- [Your task] A word-for-word retyping of the listing below is required, with the pictures dropped.

=== Begin Enclosure ===

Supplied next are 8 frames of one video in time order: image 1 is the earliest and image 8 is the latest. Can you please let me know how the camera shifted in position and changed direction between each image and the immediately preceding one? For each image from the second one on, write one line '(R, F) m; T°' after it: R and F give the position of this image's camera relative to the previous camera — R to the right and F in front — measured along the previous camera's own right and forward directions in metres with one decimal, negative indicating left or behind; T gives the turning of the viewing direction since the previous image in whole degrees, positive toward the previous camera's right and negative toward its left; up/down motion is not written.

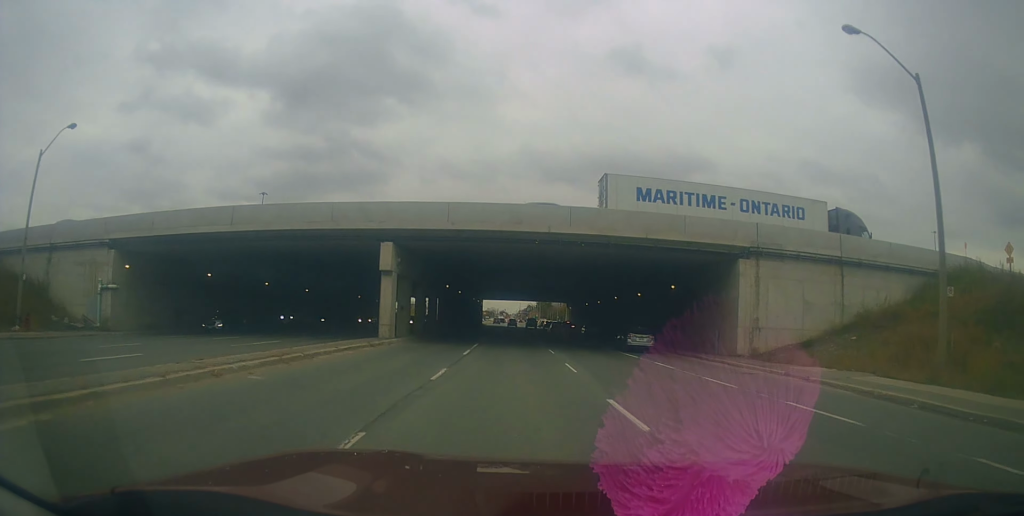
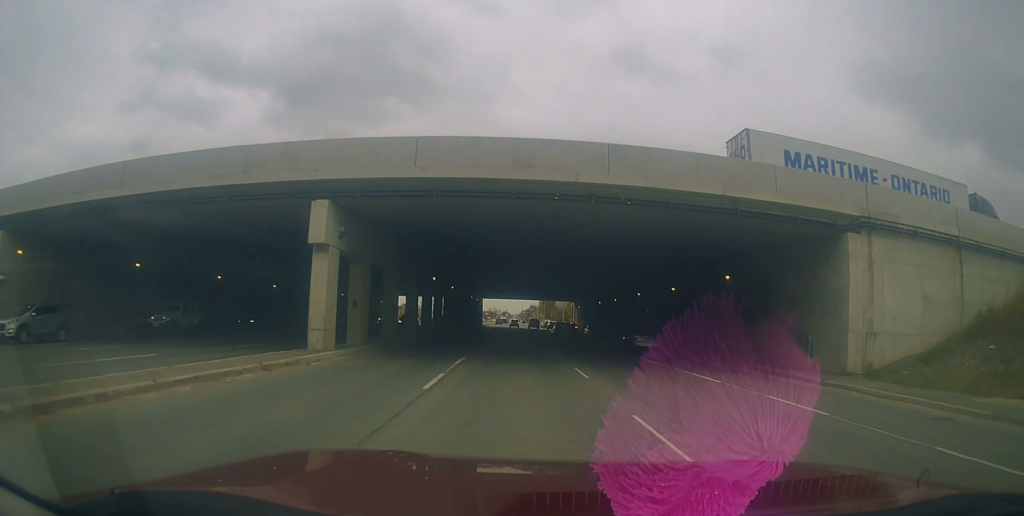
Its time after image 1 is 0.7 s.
(-0.1, +10.7) m; -2°
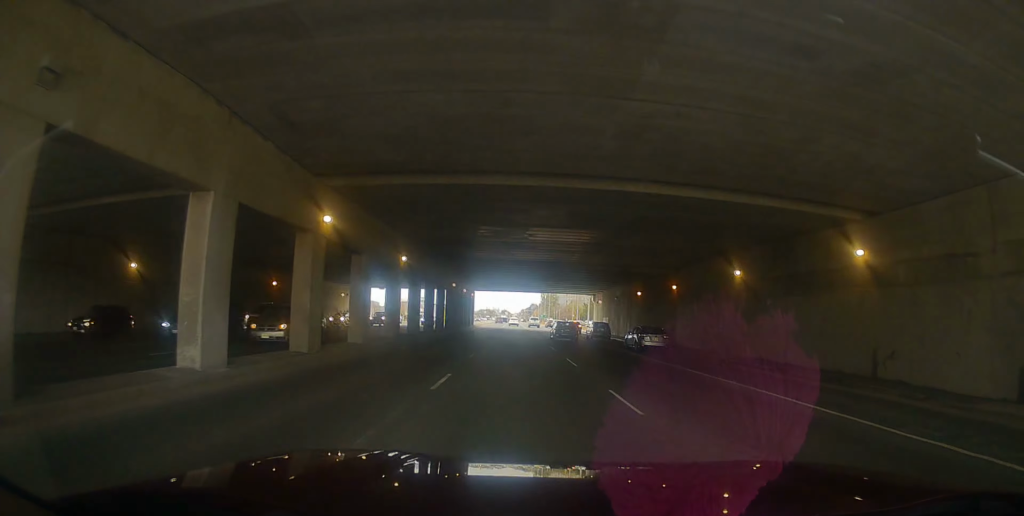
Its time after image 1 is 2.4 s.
(-0.7, +23.7) m; -3°
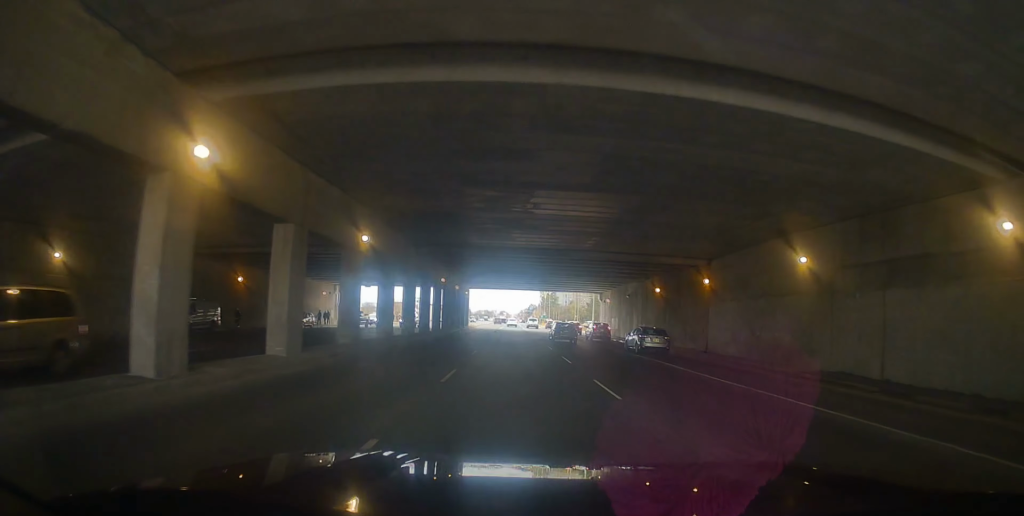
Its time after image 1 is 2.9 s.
(+0.1, +7.1) m; -1°
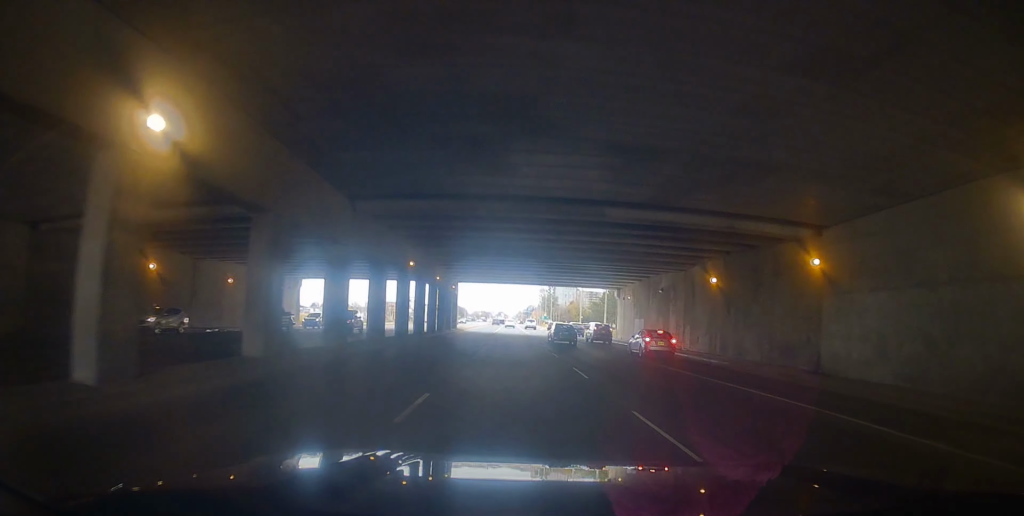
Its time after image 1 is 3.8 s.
(-0.5, +12.1) m; -2°
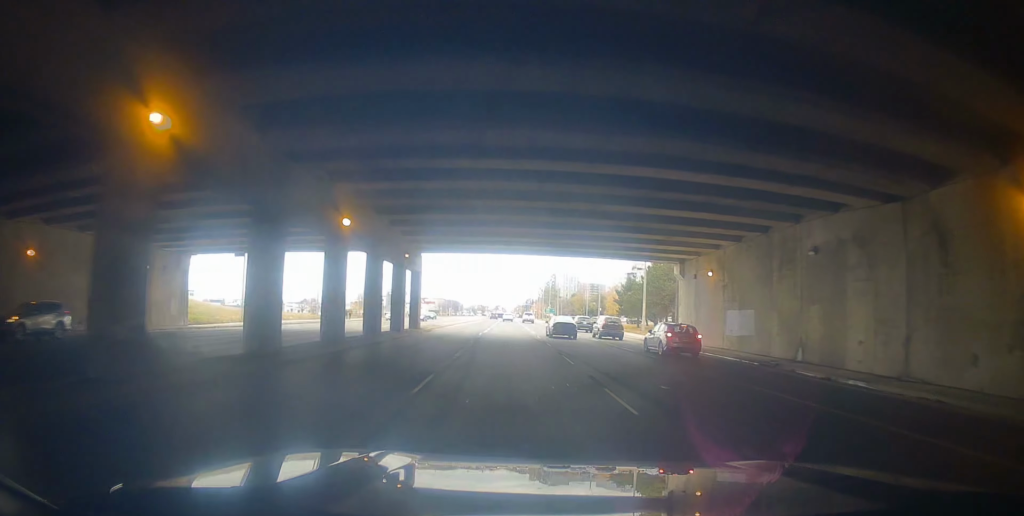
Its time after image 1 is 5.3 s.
(+0.3, +21.5) m; +3°
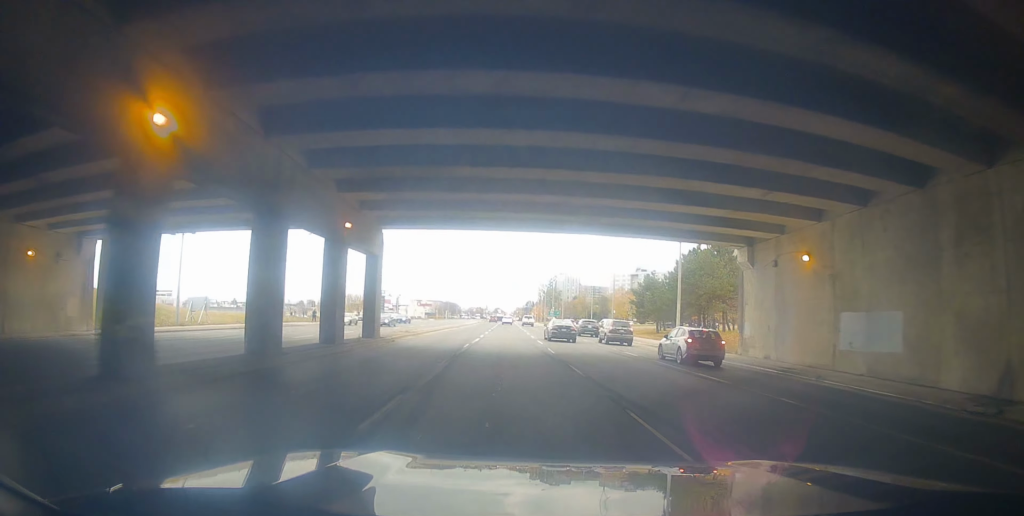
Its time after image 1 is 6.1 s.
(+0.1, +11.6) m; +3°
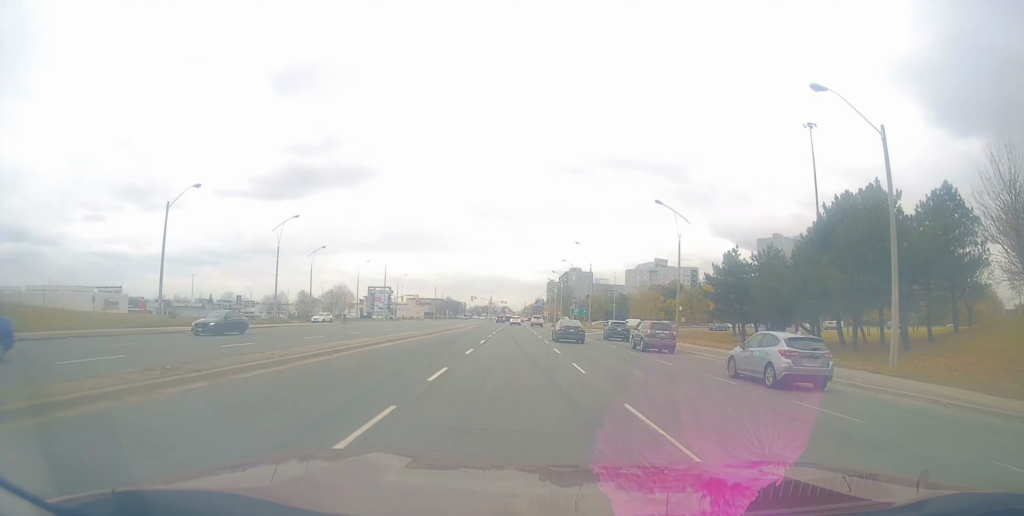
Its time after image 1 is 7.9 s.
(+1.2, +28.3) m; +3°

=== End Enclosure ===

- [Your solution]
Supplied next are 8 frames of one video in time order: image 1 is the earliest and image 8 is the latest. Can you please let me know how the camera shifted in position and changed direction between each image and the immediately preceding one? For each image from the second one on, write one line '(R, F) m; T°' after it: R and F give the position of this image's camera relative to the previous camera — R to the right and F in front — measured along the previous camera's own right and forward directions in metres with one decimal, negative indicating left or behind; T gives the turning of the viewing direction since the previous image in whole degrees, positive toward the previous camera's right and negative toward its left; up/down motion is not written.

Its time after image 1 is 0.7 s.
(-0.1, +10.7) m; -2°
Its time after image 1 is 2.4 s.
(-0.7, +23.7) m; -3°
Its time after image 1 is 2.9 s.
(+0.1, +7.1) m; -1°
Its time after image 1 is 3.8 s.
(-0.5, +12.1) m; -2°
Its time after image 1 is 5.3 s.
(+0.3, +21.5) m; +3°
Its time after image 1 is 6.1 s.
(+0.1, +11.6) m; +3°
Its time after image 1 is 7.9 s.
(+1.2, +28.3) m; +3°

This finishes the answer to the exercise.